JAKARTA – Ketua Majelis Tinggi Partai Demokrat Susilo Bambang Yudhoyono atau SBY meluncurkan buku berjudul Pilpres 2024 & Cawe-cawe Presiden Jokowi. Buku ini tentang dinamika politik nasional yang ditujukan kepada kader Demokrat.

Buku SBY ini dicetak dengan sampul merah dan kelir hitam. Cover depan buku tersebut yakni tulisan “Pilpres 2024 & Cawe-cawe Presiden Jokowi, The President Can Do No Wrong”. Staf pribadi SBY, Ossy Dermawan, memberi penjelasan soal buku Presiden ke-6 RI itu.

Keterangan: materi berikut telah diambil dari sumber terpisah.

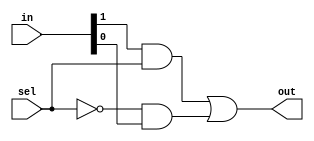
`timescale 1ns / 1ps

module Mux21(out, in, sel);

input [1:0] in;
input sel;
output out;
wire notsel, Asel, Bnotsel;

and a0(Asel, in[1], sel);
not n0(notsel, sel);
and a1(Bnotsel, notsel, in[0]);
or  r0(out, Asel, Bnotsel);

endmodule
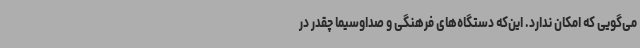
می‌گویی که امکان ندارد. این‌که دستگاه‌های فرهنگی و صداوسیما چقدر در
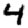
Digit: 4
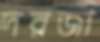
দরজা
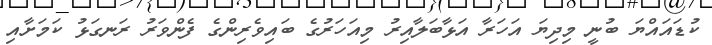
ކުޑައައްޔަ ބުނީ މިދިޔަ އަހަރާ އަޅާބަލާއިރު މިއަހަރުގެ ބައިވެރިންގެ ފެންވަރު ރަނގަޅު ކަމަށާއި
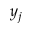
y _ { j }
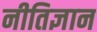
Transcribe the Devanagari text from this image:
नीतिज्ञान
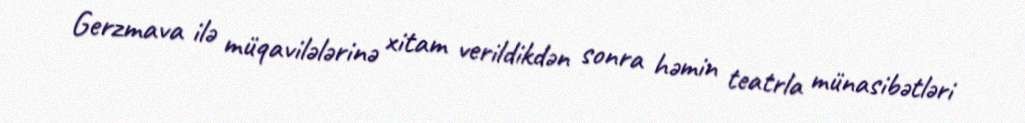
Gerzmava ilə müqavilələrinə xitam verildikdən sonra həmin teatrla münasibətləri
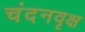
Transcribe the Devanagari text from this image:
चंदनवृक्ष
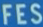
FFES
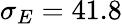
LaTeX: \sigma_{E}=41.8
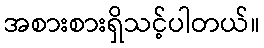
အစားစားရှိသင့်ပါတယ်။
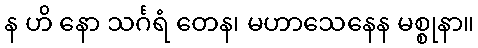
န ဟိ နော သင်္ဂရံ တေန၊ မဟာသေနေန မစ္စုနာ။
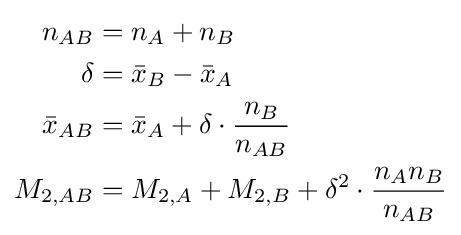
{\begin{aligned}n_{AB}&=n_{A}+n_{B}\\\delta &={\bar {x}}_{B}-{\bar {x}}_{A}\\{\bar {x}}_{AB}&={\bar {x}}_{A}+\delta \cdot {\frac {n_{B}}{n_{AB}}}\\M_{2,AB}&=M_{2,A}+M_{2,B}+\delta ^{2}\cdot {\frac {n_{A}n_{B}}{n_{AB}}}\\\end{aligned}}
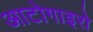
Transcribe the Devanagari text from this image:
आटोगाइरो
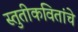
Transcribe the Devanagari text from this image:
स्तुतीकवितांचे

“Beliau menulis artikel bagi jajaran kepemimpinan dan kader Partai Demokrat di seluruh tanah air agar mereka memahami dan dapat menambah wawasan dan pengetahuan akan dinamika politik nasional saat ini,” kata Ossy saat dikonfirmasi, Senin (26/6/2023).

Ossy menyebut buku tersebut mempunyai sekitar 20-an halaman. Informasi yang dihimpun, DPP Demokrat tengah menggelar bedah buku tersebut hari ini.

“Buku tipis 20-an halaman berisi artikel tersebut,” ujar Ossy.

Ossy juga memberikan gambar tampak belakang buku SBY yang menampilkan pesan bahwa buku ini disampaikan khusus kepada jajaran pengurus serta kader Demokrat seindonesia. Berikut ini tulisannya.

Tulisan Bapak SBY yang berjudul ‘Pilpres 2024 & Cawe-cawe Presiden Jokowi’ ini disampaikan khusus kepada jajaran kepemimpinan dan kader Partai Demokrat di seluruh tanah air.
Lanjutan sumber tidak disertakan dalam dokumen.